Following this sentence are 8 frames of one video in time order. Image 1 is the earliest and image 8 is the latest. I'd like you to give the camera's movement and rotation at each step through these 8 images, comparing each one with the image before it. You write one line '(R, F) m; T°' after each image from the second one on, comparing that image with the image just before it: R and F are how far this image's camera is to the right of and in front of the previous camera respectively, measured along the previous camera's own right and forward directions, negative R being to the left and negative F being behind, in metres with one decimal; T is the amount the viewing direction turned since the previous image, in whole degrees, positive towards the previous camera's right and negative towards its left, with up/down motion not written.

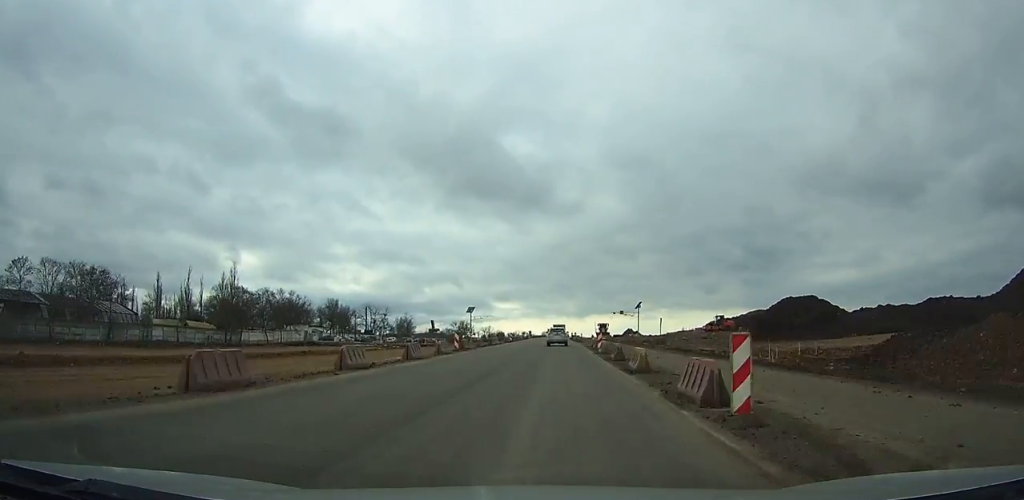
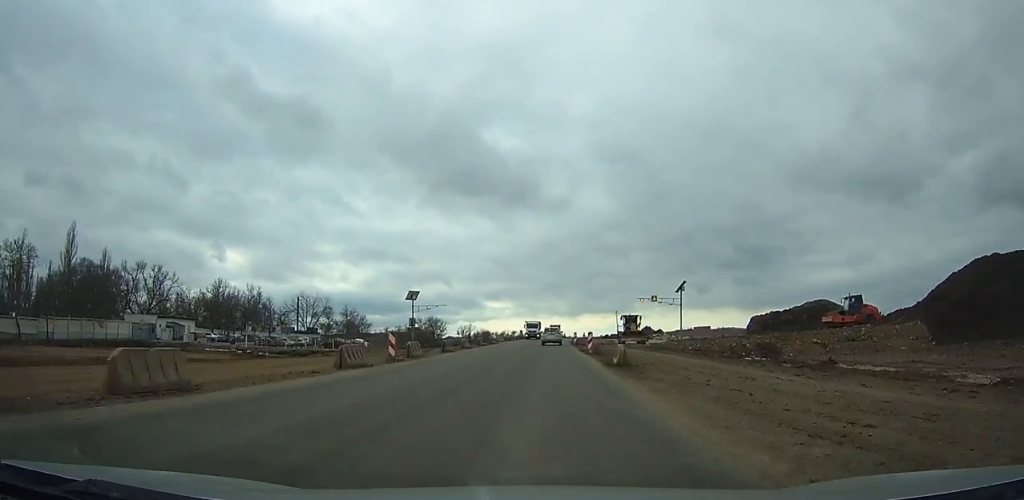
(+0.1, +52.3) m; 0°
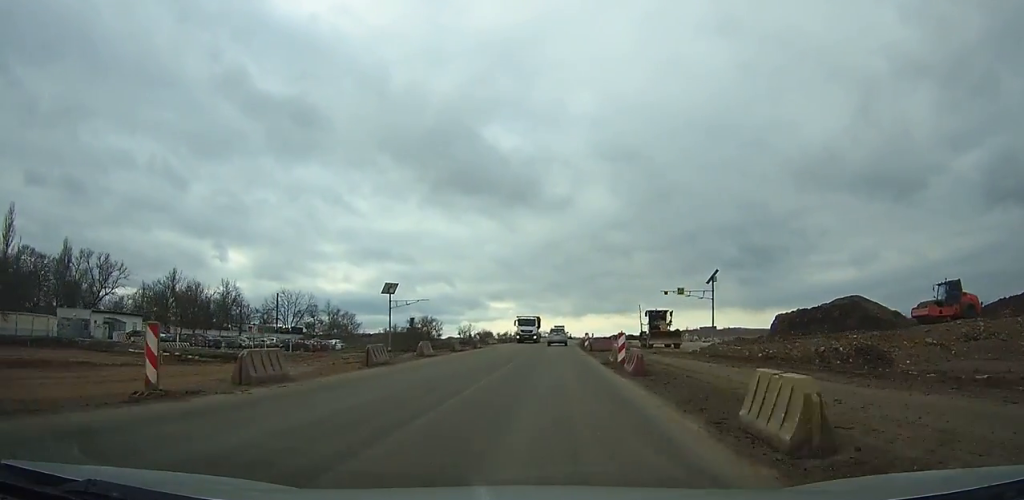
(0.0, +14.9) m; 0°
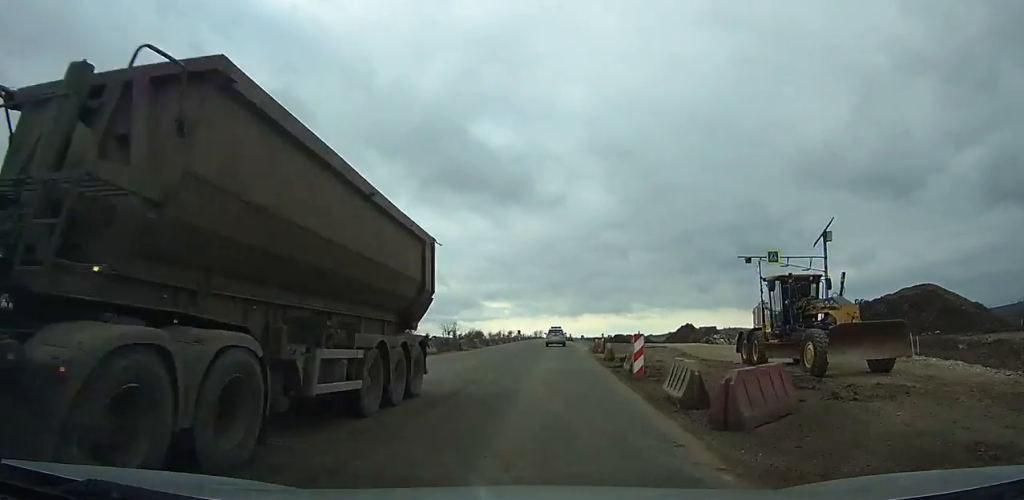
(0.0, +30.9) m; 0°
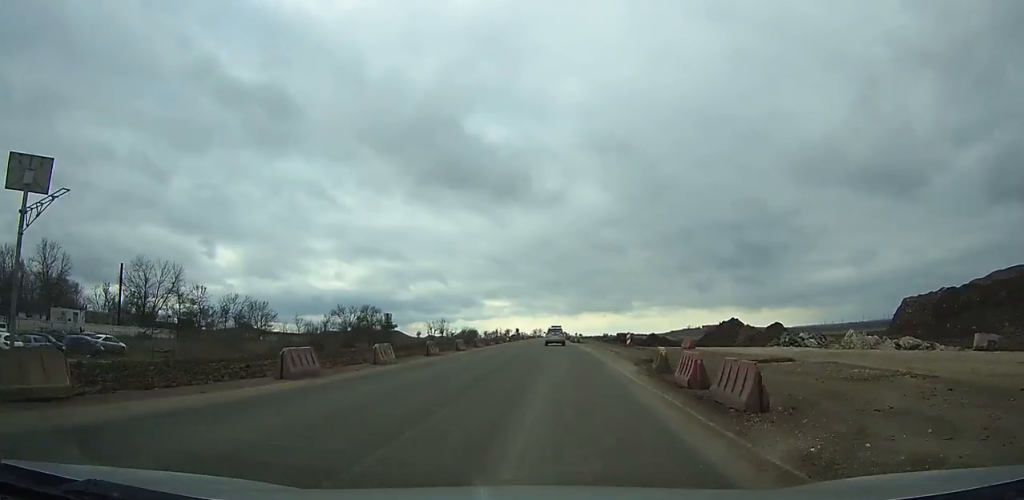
(-0.1, +26.6) m; 0°
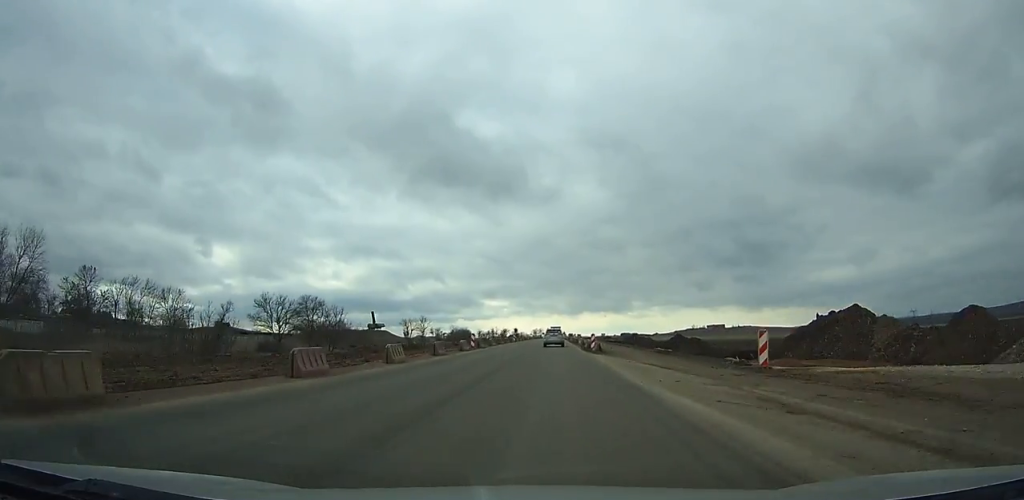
(+0.1, +32.6) m; 0°
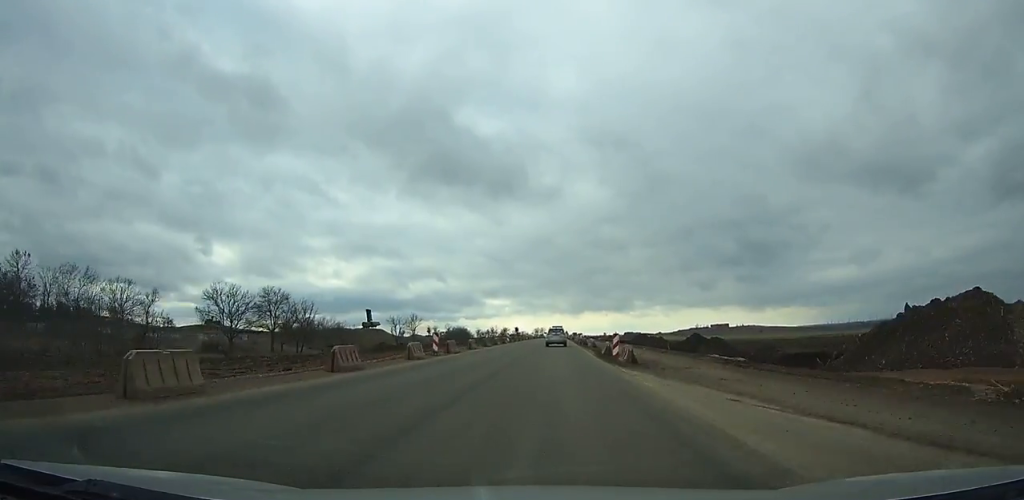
(0.0, +14.3) m; 0°
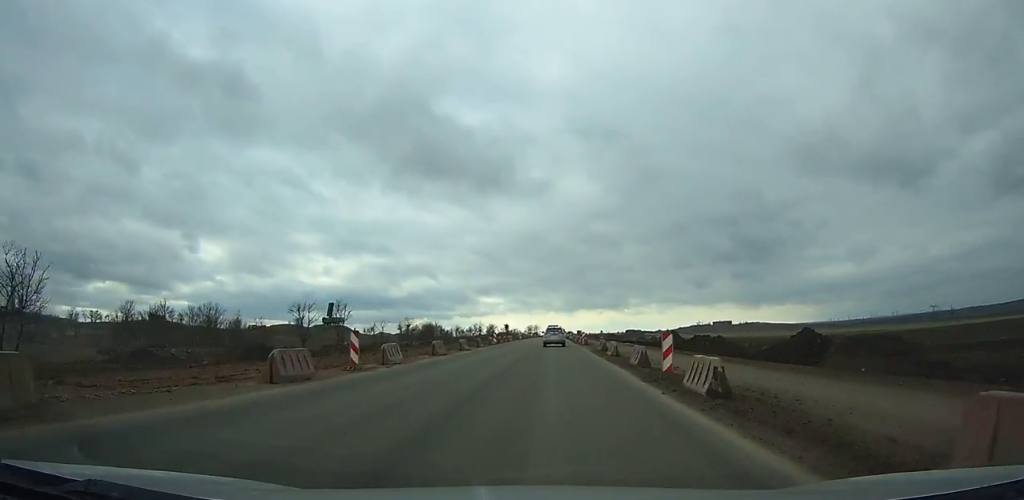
(+0.1, +54.2) m; 0°
+ + + + +
- _REQUIREMENT_:
Without the pictures, retype all of the data above exactly.

- _FINAL ANSWER_:
Following this sentence are 8 frames of one video in time order. Image 1 is the earliest and image 8 is the latest. I'd like you to give the camera's movement and rotation at each step through these 8 images, comparing each one with the image before it. You write one line '(R, F) m; T°' after each image from the second one on, comparing that image with the image just before it: R and F are how far this image's camera is to the right of and in front of the previous camera respectively, measured along the previous camera's own right and forward directions, negative R being to the left and negative F being behind, in metres with one decimal; T is the amount the viewing direction turned since the previous image, in whole degrees, positive towards the previous camera's right and negative towards its left, with up/down motion not written.

(+0.1, +52.3) m; 0°
(0.0, +14.9) m; 0°
(0.0, +30.9) m; 0°
(-0.1, +26.6) m; 0°
(+0.1, +32.6) m; 0°
(0.0, +14.3) m; 0°
(+0.1, +54.2) m; 0°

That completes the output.